When you find the line with "ఈదెబ్బకు ఏమి బదులుచెప్పుటకును" among the records below, reproduce it and each line after it exactly, ending with the line with "విద్యార్థులకు శాస్త్రులవారియందు గౌరవమును".
━━━ Excerpted data ━━━
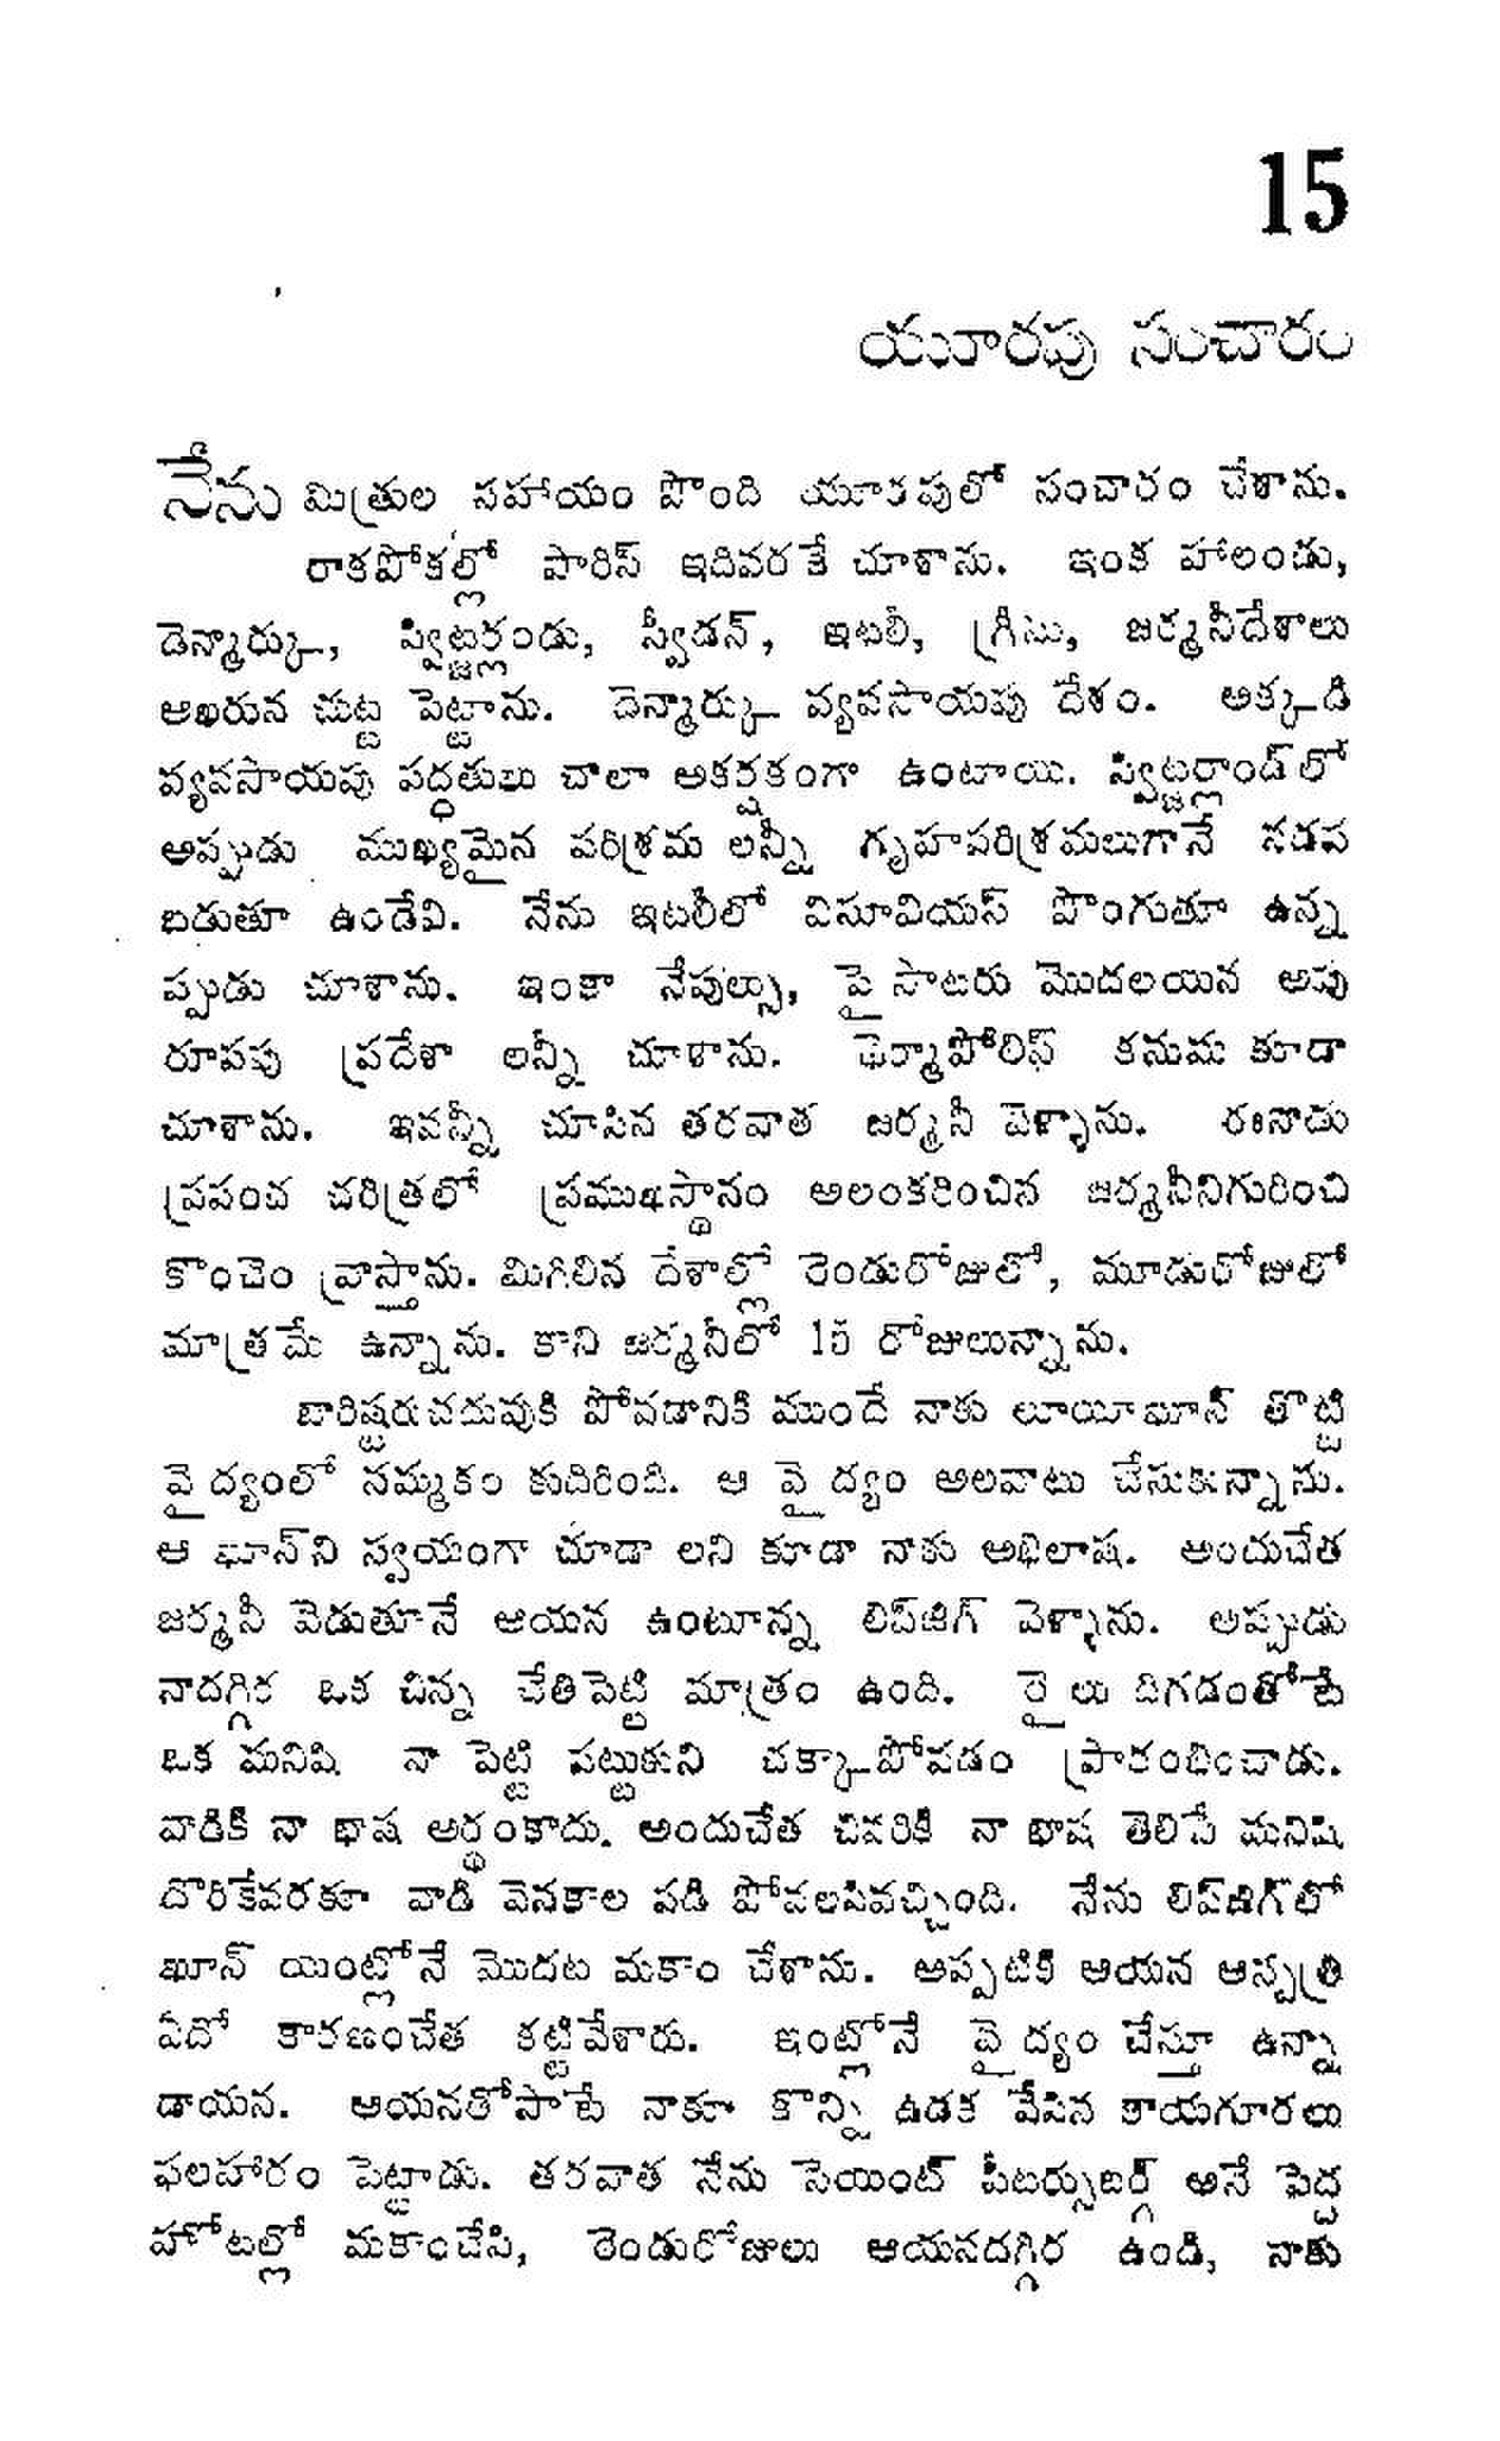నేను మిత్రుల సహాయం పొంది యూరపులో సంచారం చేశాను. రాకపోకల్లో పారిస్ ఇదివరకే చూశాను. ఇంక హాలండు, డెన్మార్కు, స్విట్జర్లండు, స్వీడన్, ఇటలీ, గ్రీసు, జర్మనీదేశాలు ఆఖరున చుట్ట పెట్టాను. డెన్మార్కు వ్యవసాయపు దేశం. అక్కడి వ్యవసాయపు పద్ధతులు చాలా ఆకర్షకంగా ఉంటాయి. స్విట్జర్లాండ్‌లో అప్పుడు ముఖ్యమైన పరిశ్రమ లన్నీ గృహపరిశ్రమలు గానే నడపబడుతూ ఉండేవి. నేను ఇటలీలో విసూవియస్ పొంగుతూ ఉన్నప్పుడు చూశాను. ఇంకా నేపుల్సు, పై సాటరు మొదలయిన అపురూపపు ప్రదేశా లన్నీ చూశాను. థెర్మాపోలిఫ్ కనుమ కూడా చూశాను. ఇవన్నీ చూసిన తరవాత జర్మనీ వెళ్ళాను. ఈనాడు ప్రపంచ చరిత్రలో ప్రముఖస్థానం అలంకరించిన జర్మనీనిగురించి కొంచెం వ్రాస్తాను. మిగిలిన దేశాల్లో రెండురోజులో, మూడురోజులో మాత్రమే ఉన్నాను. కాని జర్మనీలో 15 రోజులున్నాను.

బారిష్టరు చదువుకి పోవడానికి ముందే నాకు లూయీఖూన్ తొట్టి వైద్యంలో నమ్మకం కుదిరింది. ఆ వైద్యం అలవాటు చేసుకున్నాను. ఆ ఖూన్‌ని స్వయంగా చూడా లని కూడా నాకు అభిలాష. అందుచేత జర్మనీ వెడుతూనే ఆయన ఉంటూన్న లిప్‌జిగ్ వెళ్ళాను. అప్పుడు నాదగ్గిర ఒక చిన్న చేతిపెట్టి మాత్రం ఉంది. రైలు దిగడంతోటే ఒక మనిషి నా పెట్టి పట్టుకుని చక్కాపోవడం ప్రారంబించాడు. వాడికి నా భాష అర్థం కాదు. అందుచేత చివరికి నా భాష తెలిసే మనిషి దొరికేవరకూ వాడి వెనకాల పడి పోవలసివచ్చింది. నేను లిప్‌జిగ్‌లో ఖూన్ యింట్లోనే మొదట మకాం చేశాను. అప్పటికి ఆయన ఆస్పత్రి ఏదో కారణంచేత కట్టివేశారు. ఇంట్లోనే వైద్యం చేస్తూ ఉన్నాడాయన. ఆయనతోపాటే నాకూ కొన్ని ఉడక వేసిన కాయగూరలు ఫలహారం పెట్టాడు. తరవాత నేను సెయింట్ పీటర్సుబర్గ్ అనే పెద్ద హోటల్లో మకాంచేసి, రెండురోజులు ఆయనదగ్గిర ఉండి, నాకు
━━━
━━━ Excerpted data ━━━
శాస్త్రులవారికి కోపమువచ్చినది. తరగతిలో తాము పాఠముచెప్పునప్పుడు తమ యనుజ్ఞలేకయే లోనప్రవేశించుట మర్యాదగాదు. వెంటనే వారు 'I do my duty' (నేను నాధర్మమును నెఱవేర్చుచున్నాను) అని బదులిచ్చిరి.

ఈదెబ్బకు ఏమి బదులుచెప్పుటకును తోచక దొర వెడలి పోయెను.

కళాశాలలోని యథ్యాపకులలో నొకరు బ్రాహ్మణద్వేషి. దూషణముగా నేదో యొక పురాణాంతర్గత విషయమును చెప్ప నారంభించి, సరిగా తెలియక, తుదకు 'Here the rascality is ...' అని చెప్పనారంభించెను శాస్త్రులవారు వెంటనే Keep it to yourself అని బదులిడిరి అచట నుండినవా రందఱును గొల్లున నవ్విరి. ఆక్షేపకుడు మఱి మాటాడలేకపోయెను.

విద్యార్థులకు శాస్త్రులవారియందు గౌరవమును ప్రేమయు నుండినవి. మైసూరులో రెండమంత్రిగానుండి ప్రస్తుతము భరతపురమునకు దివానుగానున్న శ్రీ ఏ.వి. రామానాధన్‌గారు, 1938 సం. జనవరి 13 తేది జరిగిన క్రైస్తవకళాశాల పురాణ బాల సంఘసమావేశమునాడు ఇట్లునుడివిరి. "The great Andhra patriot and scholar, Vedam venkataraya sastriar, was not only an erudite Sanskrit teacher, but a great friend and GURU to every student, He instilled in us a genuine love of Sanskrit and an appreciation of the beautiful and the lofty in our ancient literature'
━━━
Answer:
ఈదెబ్బకు ఏమి బదులుచెప్పుటకును తోచక దొర వెడలి పోయెను.

కళాశాలలోని యథ్యాపకులలో నొకరు బ్రాహ్మణద్వేషి. దూషణముగా నేదో యొక పురాణాంతర్గత విషయమును చెప్ప నారంభించి, సరిగా తెలియక, తుదకు 'Here the rascality is ...' అని చెప్పనారంభించెను శాస్త్రులవారు వెంటనే Keep it to yourself అని బదులిడిరి అచట నుండినవా రందఱును గొల్లున నవ్విరి. ఆక్షేపకుడు మఱి మాటాడలేకపోయెను.

విద్యార్థులకు శాస్త్రులవారియందు గౌరవమును ప్రేమయు నుండినవి. మైసూరులో రెండమంత్రిగానుండి ప్రస్తుతము భరతపురమునకు దివానుగానున్న శ్రీ ఏ.వి. రామానాధన్‌గారు, 1938 సం. జనవరి 13 తేది జరిగిన క్రైస్తవకళాశాల పురాణ బాల సంఘసమావేశమునాడు ఇట్లునుడివిరి. "The great Andhra patriot and scholar, Vedam venkataraya sastriar, was not only an erudite Sanskrit teacher, but a great friend and GURU to every student, He instilled in us a genuine love of Sanskrit and an appreciation of the beautiful and the lofty in our ancient literature'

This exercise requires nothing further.